You can also use --hardlink and --reflink options. Please see xvc file recheck reference for details.

$ xvc file track --recheck-method hardlink dir-0003/file-0002.bin $ xvc file track --recheck-method reflink dir-0003/file-0003.bin $ ls -l dir-0003/ total 16 l[..] file-0001.bin -> [CWD]/.xvc/b3/e51/7d6/b9a3617fdcd96bd128142a39f1eca26ed77a338d2b93ba4921a0116c70/0.bin -[..] file-0002.bin -[..] file-0003.bin

Info

Note that, unlike DVC that specifies checkout/recheck option repository wide, Xvc lets you specify per file. You can recheck files data files as symbolic links (which are non-writable) and save space and make model files as copies of the cached original and commit (carry-in) every time they change.

When you track a file in Xvc, it's automatically commit (carry-in) to the cache directory. If you want to postpone this operation and don't need a cached copy for a file, you can use --no-commit option. You can later use xvc file carry-in command to move these files to the repository cache.

$ xvc file track --no-commit --recheck-method symlink dir-0004/ $ ls -l dir-0004/ total 24 -rw-r--r--[..] file-0001.bin -rw-r--r--[..] file-0002.bin -rw-r--r--[..] file-0003.bin $ xvc file list dir-0004/ FS [..] ab361981 ab361981 dir-0004/file-0003.bin FS [..] 493eeb65 493eeb65 dir-0004/file-0002.bin FS [..] e517d6b9 e517d6b9 dir-0004/file-0001.bin Total #: 3 Workspace Size: 6006 Cached Size: 6006

You can carry-in (commit) these files to the cache with xvc file carry-in command. Note that, as the files are deduplicated, we need to use --force in carry-in command. This behavior may change in the future.

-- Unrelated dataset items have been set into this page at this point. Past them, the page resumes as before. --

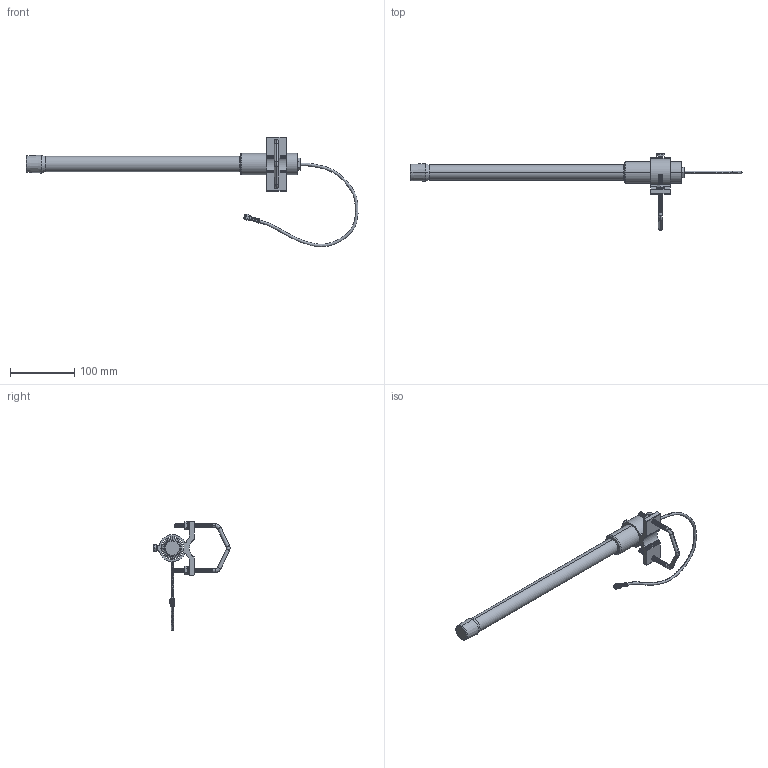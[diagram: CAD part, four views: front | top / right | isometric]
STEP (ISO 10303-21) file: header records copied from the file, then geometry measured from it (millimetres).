
FILE_DESCRIPTION (( 'STEP AP214' ), '1' );
FILE_NAME ('FM51OM1026_3D.step', '2022-12-30T19:19:49', ( '' ), ( '' ), 'SwSTEP 2.0', 'SolidWorks 2022', '' );
FILE_SCHEMA (( 'AUTOMOTIVE_DESIGN' ));
Length unit declared in the file: inch
Products named in the file (6): Copy of HG2408U_Bracket^FM51OM1026; Copy of HG2408U_ANTENNA^FM51OM1026; Copy of HG2408U_Ubolt^FM51OM1026; Copy of PE4767^FM51OM1026_Crimped; FM51OM1026_3D; Copy of HG2408U_Cable 12Inch^FM51OM1026
Assembly tree (5 placements, depth 2):
  FM51OM1026_3D
    Copy of HG2408U_ANTENNA^FM51OM1026
    Copy of HG2408U_Bracket^FM51OM1026
    Copy of HG2408U_Ubolt^FM51OM1026
    Copy of HG2408U_Cable 12Inch^FM51OM1026
    Copy of PE4767^FM51OM1026_Crimped
Bounding box: 518.44 x 119.15 x 171.16 mm (x, y, z)
Volume: 277222.5 mm3; surface area: 64810.6 mm2
Topology: 8 solids, 8 shells, 957 faces, 2113 edges, 1193 vertices
Faces by surface type: cone 630, cylinder 151, plane 135, torus 22, bspline 19
Entity records: 41542 total; most frequent: CARTESIAN_POINT 10535, DIRECTION 4684, ORIENTED_EDGE 4226, EDGE_CURVE 2113, AXIS2_PLACEMENT_3D 1874, VERTEX_POINT 1193, EDGE_LOOP 986, FACE_OUTER_BOUND 957
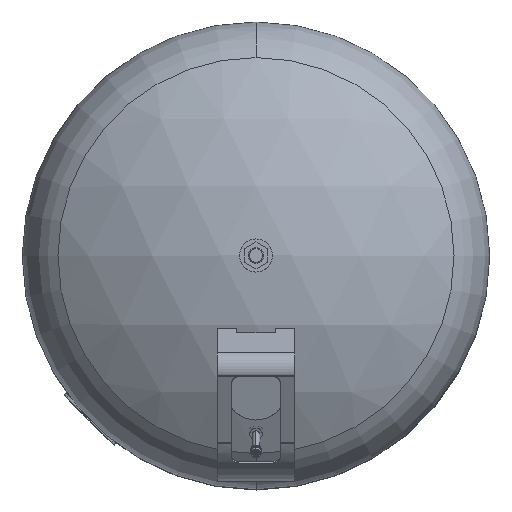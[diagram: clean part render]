
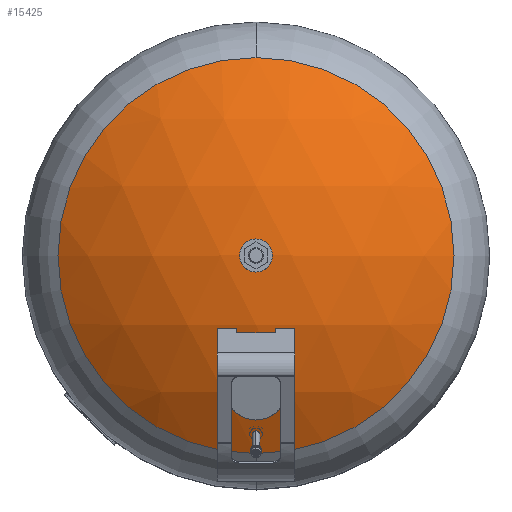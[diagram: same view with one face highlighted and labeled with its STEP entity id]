
A CAD part, top view. The second image highlights one B-rep face of the part: STEP entity #15425.
In plain terms, the highlighted spherical face has radius 354.5 mm.
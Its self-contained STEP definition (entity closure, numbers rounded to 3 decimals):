
#15364=CARTESIAN_POINT('',(0.,203.326,717.894));
#15365=VERTEX_POINT('',#15364);
#15381=CARTESIAN_POINT('',(0.,-203.326,717.894));
#15382=VERTEX_POINT('',#15381);
#15390=CARTESIAN_POINT('',(-203.326,0.,717.894));
#15391=VERTEX_POINT('',#15390);
#15392=CARTESIAN_POINT('',(0.,0.,717.894));
#15393=DIRECTION('',(0.0,0.0,-1.0));
#15394=DIRECTION('',(-1.0,0.0,0.0));
#15395=AXIS2_PLACEMENT_3D('',#15392,#15393,#15394);
#15396=CIRCLE('',#15395,203.326);
#15397=EDGE_CURVE('',#15382,#15391,#15396,.T.);
#15399=CARTESIAN_POINT('',(0.,0.,717.894));
#15400=DIRECTION('',(0.0,0.0,-1.0));
#15401=DIRECTION('',(-1.0,0.0,0.0));
#15402=AXIS2_PLACEMENT_3D('',#15399,#15400,#15401);
#15403=CIRCLE('',#15402,203.326);
#15404=EDGE_CURVE('',#15391,#15365,#15403,.T.);
#15409=CARTESIAN_POINT('',(0.,0.,427.5));
#15410=DIRECTION('',(0.0,1.0,0.0));
#15411=DIRECTION('',(1.0,0.0,0.0));
#15412=AXIS2_PLACEMENT_3D('',#15409,#15410,#15411);
#15413=SPHERICAL_SURFACE('',#15412,354.5);
#15414=ORIENTED_EDGE('',*,*,#15404,.F.);
#15415=ORIENTED_EDGE('',*,*,#15397,.F.);
#15416=CARTESIAN_POINT('',(0.,0.,717.894));
#15417=DIRECTION('',(0.0,0.0,-1.0));
#15418=DIRECTION('',(-1.0,0.0,0.0));
#15419=AXIS2_PLACEMENT_3D('',#15416,#15417,#15418);
#15420=CIRCLE('',#15419,203.326);
#15421=EDGE_CURVE('',#15365,#15382,#15420,.T.);
#15422=ORIENTED_EDGE('',*,*,#15421,.F.);
#15423=EDGE_LOOP('',(#15414,#15415,#15422));
#15424=FACE_OUTER_BOUND('',#15423,.T.);
#15425=ADVANCED_FACE('',(#15424),#15413,.T.);

$ xvc file carry-in --force dir-0004/ $ ls -l dir-0004/ total 0 lrwxr-xr-x[..] file-0001.bin -> [CWD]/.xvc/b3/e51/7d6/b9a3617fdcd96bd128142a39f1eca26ed77a338d2b93ba4921a0116c70/0.bin lrwxr-xr-x[..] file-0002.bin -> [CWD]/.xvc/b3/493/eeb/6525ea5e94e1e760371108e4a525c696c773a774a4818e941fd6d1af79/0.bin lrwxr-xr-x[..] file-0003.bin -> [CWD]/.xvc/b3/ab3/619/814cae0456a5a291e4d5c8d339a8389630e476f9f9e8d3a09accc919f0/0.bin

Xvc deduplicates files in the cache. If you track a file that is already in the cache, it won't be moved to the cache again. It will be copied, linked from the same copy.

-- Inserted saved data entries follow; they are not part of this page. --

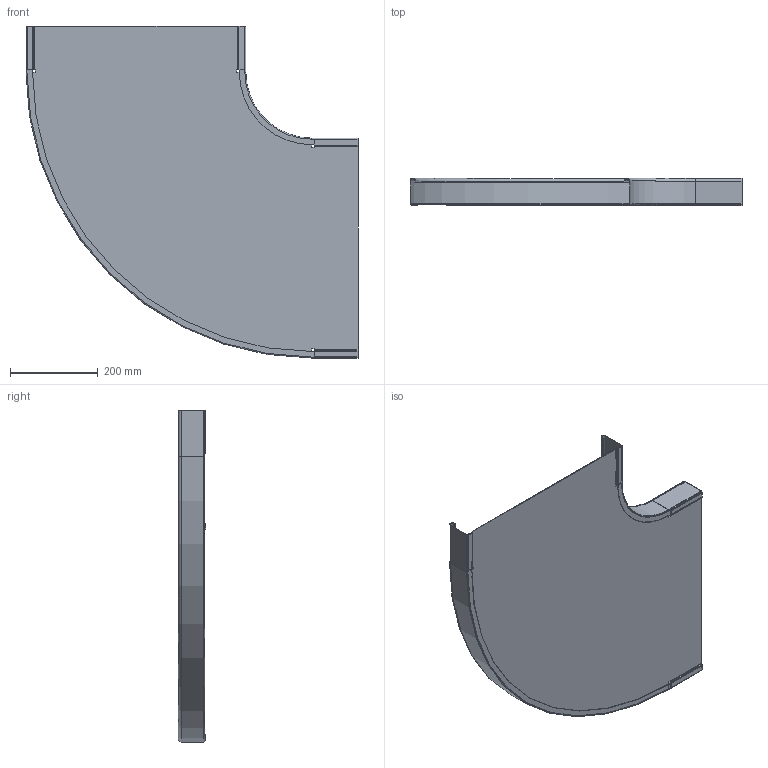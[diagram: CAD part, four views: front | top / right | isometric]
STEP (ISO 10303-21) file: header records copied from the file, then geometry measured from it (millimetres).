
FILE_DESCRIPTION((''),'2;1');
FILE_NAME('7001304_ORG_ASM','2012-06-21T',('AndreasKeweloh'),(''),'PRO/ENGINEER BY PARAMETRIC TECHNOLOGY CORPORATION, 2012060','PRO/ENGINEER BY PARAMETRIC TECHNOLOGY CORPORATION, 2012060','');
FILE_SCHEMA(('CONFIG_CONTROL_DESIGN'));
Length unit declared in the file: millimetre
Products named in the file (5): KTS_06_151-022; KTS__06_155-024_R650; KTS_06_127-034_NB_500; ASM0001_ASM; 7001304_ORG_ASM
Assembly tree (4 placements, depth 3):
  7001304_ORG_ASM
    ASM0001_ASM
      KTS_06_151-022
      KTS__06_155-024_R650
      KTS_06_127-034_NB_500
Bounding box: 755 x 62 x 755 mm (x, y, z)
Volume: 805833.8 mm3; surface area: 1132319.8 mm2
Topology: 3 solids, 3 shells, 150 faces, 344 edges, 200 vertices
Faces by surface type: plane 98, cylinder 44, torus 8
Entity records: 4259 total; most frequent: DIRECTION 760, CARTESIAN_POINT 706, ORIENTED_EDGE 688, EDGE_CURVE 344, AXIS2_PLACEMENT_3D 254, VECTOR 252, LINE 252, VERTEX_POINT 200
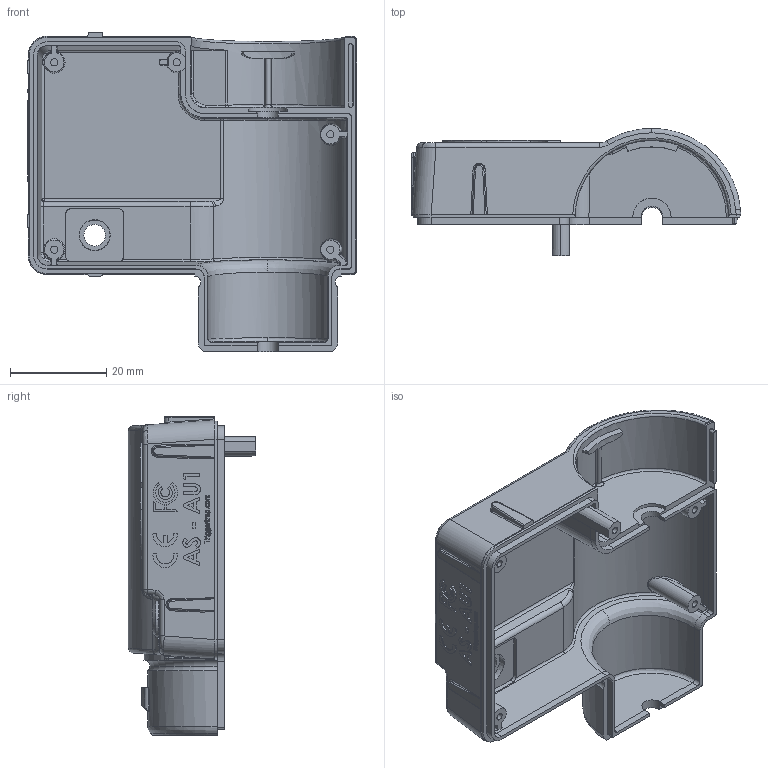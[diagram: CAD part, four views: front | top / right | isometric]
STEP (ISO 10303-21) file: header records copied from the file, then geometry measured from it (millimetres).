
FILE_DESCRIPTION (( 'STEP AP214' ), '1' );
FILE_NAME ('TT-222-A_SENSOR_FRONT_CASE_SOUND.STEP', '2015-01-22T15:06:28', ( '' ), ( '' ), 'SwSTEP 2.0', 'SolidWorks 2014', '' );
FILE_SCHEMA (( 'AUTOMOTIVE_DESIGN' ));
Length unit declared in the file: millimetre
Products named in the file (1): TT-222-A_SENSOR_FRONT_CASE_SOUND
Bounding box: 68.69 x 26.5 x 66.5 mm (x, y, z)
Volume: 15174.1 mm3; surface area: 16130.6 mm2
Topology: 1 solids, 1 shells, 834 faces, 2216 edges, 1428 vertices
Faces by surface type: plane 378, bspline 278, cylinder 136, cone 17, torus 14, sphere 11
Entity records: 35070 total; most frequent: CARTESIAN_POINT 16539, ORIENTED_EDGE 4416, DIRECTION 2843, EDGE_CURVE 2208, VERTEX_POINT 1427, VECTOR 1213, LINE 1213, EDGE_LOOP 887

$ tree .xvc/b3 .xvc/b3 ├── 493 │   └── eeb │   └── 6525ea5e94e1e760371108e4a525c696c773a774a4818e941fd6d1af79 │   └── 0.bin ├── ab3 │   └── 619 │   └── 814cae0456a5a291e4d5c8d339a8389630e476f9f9e8d3a09accc919f0 │   └── 0.bin └── e51 └── 7d6 └── b9a3617fdcd96bd128142a39f1eca26ed77a338d2b93ba4921a0116c70 └── 0.bin 10 directories, 3 files

Caveats

  • This command doesn't discriminate symbolic links or hardlinks. Links are followed and any broken links may cause errors.

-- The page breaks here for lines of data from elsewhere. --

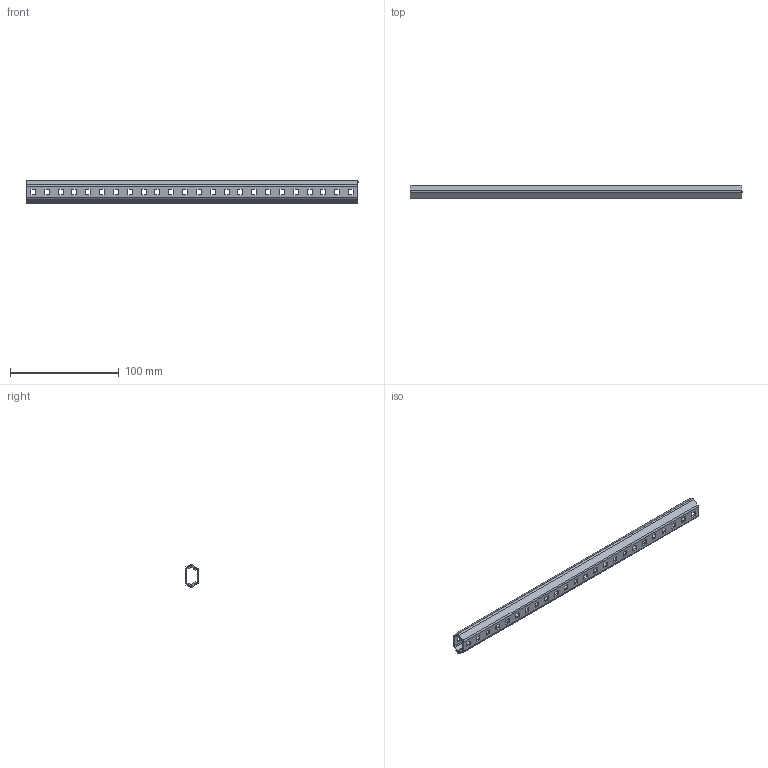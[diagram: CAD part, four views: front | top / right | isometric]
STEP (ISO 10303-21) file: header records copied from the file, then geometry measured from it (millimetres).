
FILE_DESCRIPTION (( 'STEP AP203' ), '1' );
FILE_NAME ('VL-SLIDE-ASSY.STEP', '2008-06-02T16:03:05', ( 'Innovation First, Inc.' ), ( 'Innovation First, Inc.' ), 'SwSTEP 2.0', 'SolidWorks 2007', '' );
FILE_SCHEMA (( 'CONFIG_CONTROL_DESIGN' ));
Length unit declared in the file: inch
Products named in the file (3): VL-SLIDE-O-24 RevA; VL-SLIDE-ASSY; VL-SLIDE-I-24 RevA
Assembly tree (2 placements, depth 2):
  VL-SLIDE-ASSY
    VL-SLIDE-O-24 RevA
    VL-SLIDE-I-24 RevA
Bounding box: 304.8 x 12.55 x 21.48 mm (x, y, z)
Volume: 24116 mm3; surface area: 43862.6 mm2
Topology: 2 solids, 2 shells, 492 faces, 1400 edges, 912 vertices
Faces by surface type: plane 284, cylinder 208
Entity records: 16491 total; most frequent: DIRECTION 2810, CARTESIAN_POINT 2809, ORIENTED_EDGE 2800, EDGE_CURVE 1400, LINE 984, VECTOR 984, AXIS2_PLACEMENT_3D 913, VERTEX_POINT 912
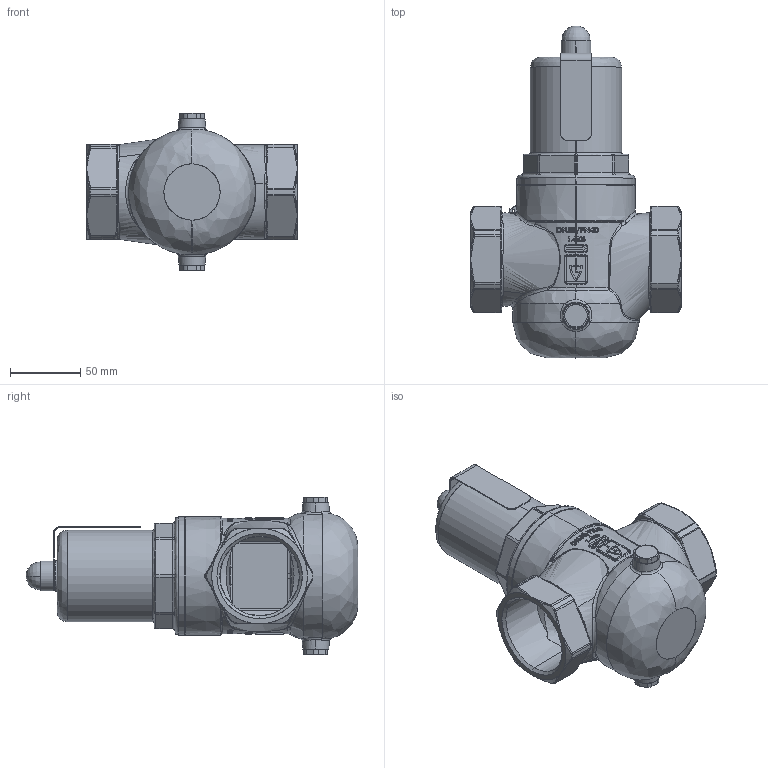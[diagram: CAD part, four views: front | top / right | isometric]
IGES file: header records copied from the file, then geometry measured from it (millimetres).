
Start section: SolidWorks IGES file using analytic representation for surfaces
Global section: file name: 481mGFO-HP-50-F+F-50+50.IGS; native system: SolidWorks 2014; preprocessor: SolidWorks 2014; author: Blankenhorn; date: 160310.162721; units: millimetre
Bounding box: 150 x 236.2 x 112 mm (x, y, z)
Surface area: 162911.7 mm2 (no closed solid volume)
Topology: 0 solids, 0 shells, 1358 faces, 16552 edges, 16508 vertices
Faces by surface type: bspline 923, revolution 435

  • Under the hood, Xvc tracks only the files, not directories. Directories are considered as path collections. It doesn't matter if you track a directory or files in it separately.

Technical Details

  • Detecting changes in files and directories employ different kinds of associated digests. If a file has different metadata digest, its content digest is calculated. If file's content digest has changed, the file is considered changed. A directory that contains different set of files, or files with changed content is considered changed.